Make an exact copy of the data below, leaving out every picture.

[Records excerpted from a collection]
Start of Block

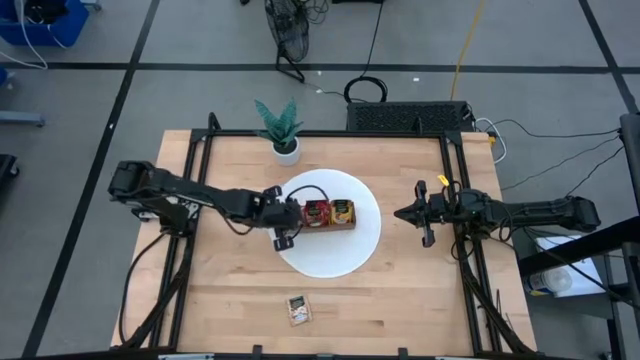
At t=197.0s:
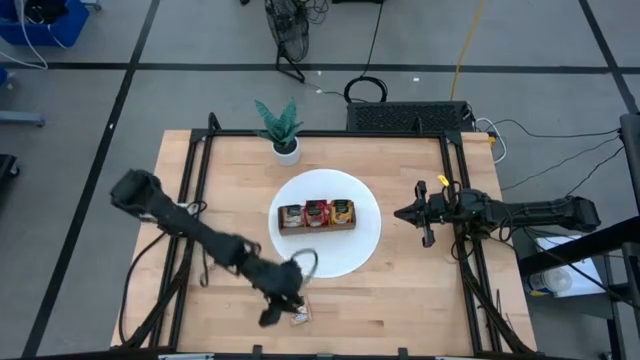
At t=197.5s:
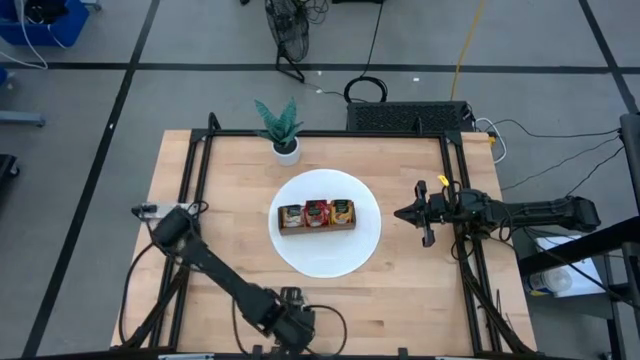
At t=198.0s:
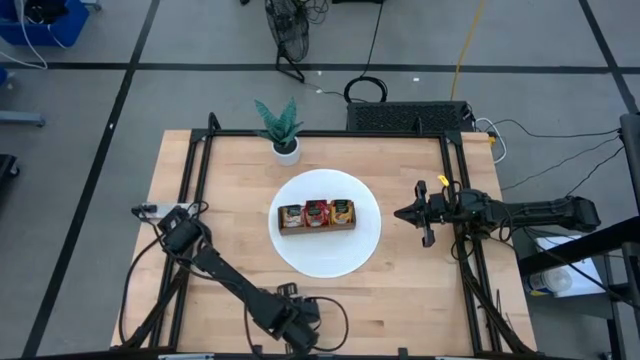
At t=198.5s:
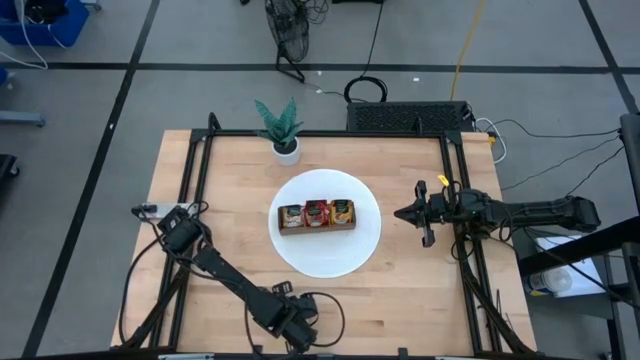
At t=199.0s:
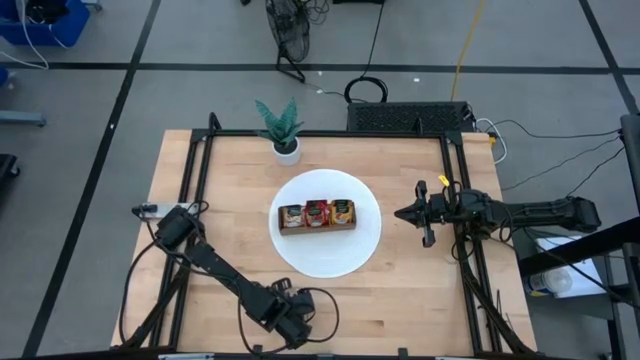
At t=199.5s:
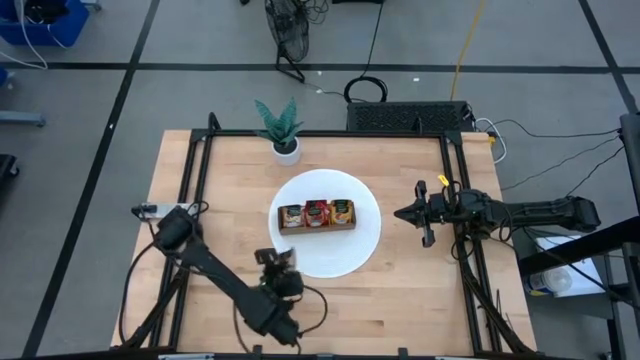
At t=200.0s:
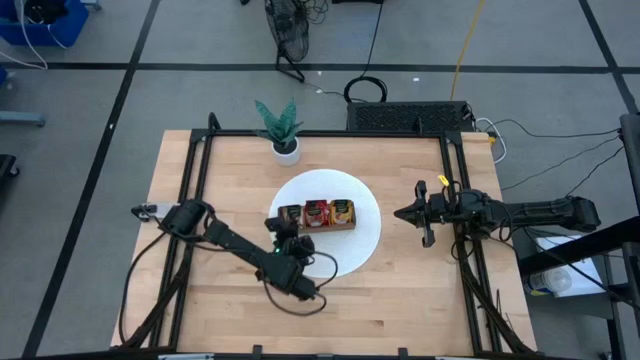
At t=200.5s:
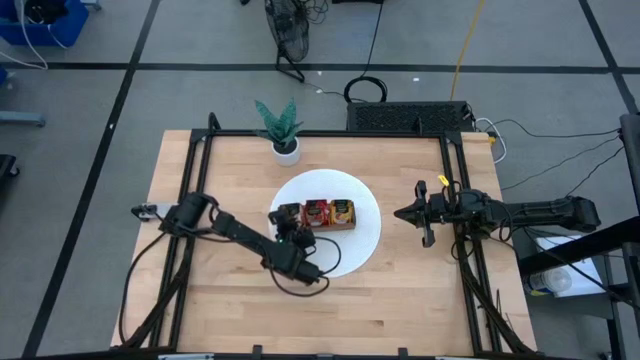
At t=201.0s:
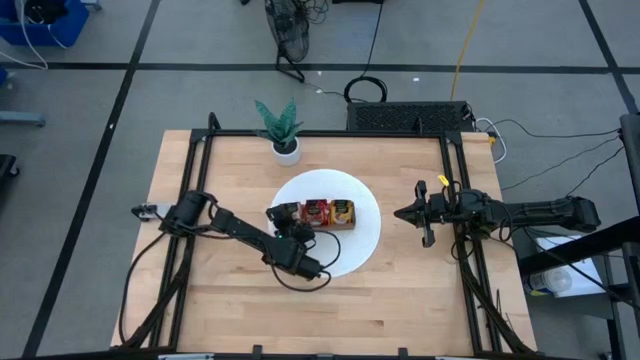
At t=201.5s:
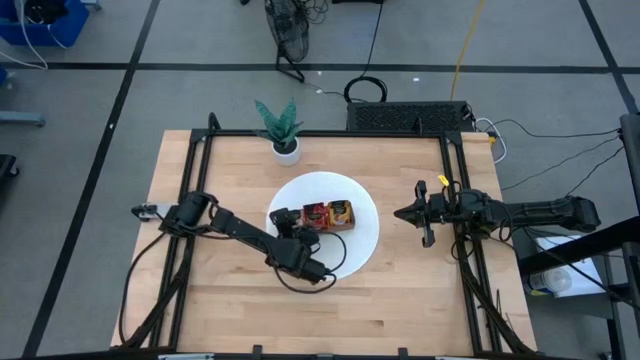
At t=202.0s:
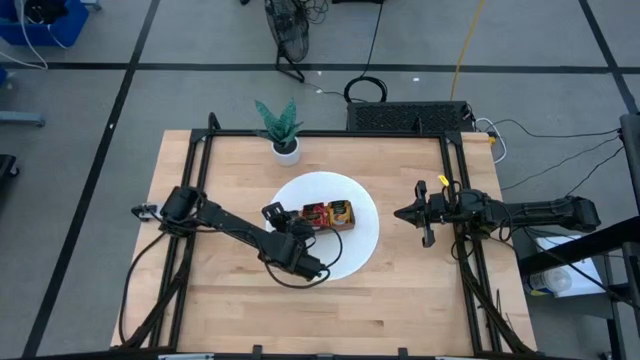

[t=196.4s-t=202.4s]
Task: Pick & Place Tea
Put the brown tea bag into the left section of the wooden organizer

End of Block

SOLUTION FOR THIS TASK:
At t=197.0s:
At t=197.5s:
At t=198.0s:
At t=198.5s:
At t=199.0s:
At t=199.5s:
At t=200.0s:
At t=200.5s:
At t=201.0s:
At t=201.5s:
At t=202.0s:

[t=196.4s-t=202.4s]
Task: Pick & Place Tea
Put the brown tea bag into the left section of the wooden organizer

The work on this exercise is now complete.